Measurement and simulation of the effects of N-fertilizer on growth, plant composition and distribution of soil mineral-N in nationwide onion experiments

To aid the development of simulation models for N-response, N-fertilizer experiments with onions (Allium cepa L.) were carried out on 5 different sites. In each experiment, there was little loss of fertilizer-N in soil during the period between application and rapid crop growth and little loss of mineral N by leaching at any time. Even so, a substantial proportion of the N applied as fertilizer could not be accounted for in the crop and soil at harvest; the sum of soil mineral-N plus crop N (excluding fibrous roots) was always linearly related to N rate applied over the entire range (0–300 kg N ha−1) and the gradient was always approximately the same, 0.64, irrespective of soil type or the amount of nitrate remaining in soil at harvest. Evidence was obtained that the phenomena resulted from roots retaining N and inducing immobilization at a rate proportional to soil nitrate concentration and that the proportionality constant was similar on all sites.Throughout plant growth there was little luxury consumption of N and the critical %N was related to plant mass by an equation previously deduced for other C3 crops (Plant and Soil 85, 163); plant nitrate concentration in the early stages increased with soil mineral-N (0–30 cm) to a maximum which varied from site to site but the nitrate concentration in the mature crop was always negligible. Plant yield in the early stages of growth generally declined with increase in fertilizer-N, despite the crops having been planted as sets and no more than 150 kg N ha−1 broadcast at one time; but at maturity, yield always increased asymptotically with increase in fertilizer-N. Mineralization rates were approximately the same in the first as in the second half of each experiment. At harvest, residual soil mineral-N in the upper 30, 60 and 90 cm of soil increased with increase in fertilizer-N even when crop demand for N exceeded supply. At harvest in every experiment, the ratio of crop dry weight in the absence of added N to the maximum obtained was approximately equal to the ratio of plant %N (with no fertilizer) to critical %N.The various phenomena concerning yields, plant-N contents, and values of soil mineral-N at harvest were quite well simulated by a slightly modified version of a previously published model (Fert. Res. 18, 153) with few site-dependent inputs.
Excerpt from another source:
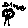
Label: flower
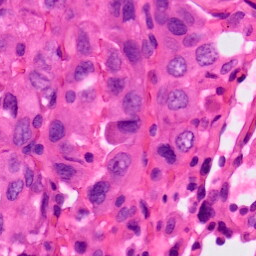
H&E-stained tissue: Lung

Response of winter wheat to N-fertiliser: Dynamic model

A concise computer simulation model is described for calculating the growth and N-content of winter-wheat. The validity of the model was tested by means of a new application of statistical theory against the results of nationwide fertiliser experiments having different designs. There was agreement within the limits of experimental error between the measured and simulated values of both total plant and of grain dry weight over the entire range of N-fertiliser treatments in the different experiments. The model also gave good estimates of the %N in the grain provided N-fertilizer levels were not high. Response curves, calculated from the model for grain yield, grain %N, are given for different combinations of potential yield, mineralisation rate and the distribution of inorganic-N down the soil profile.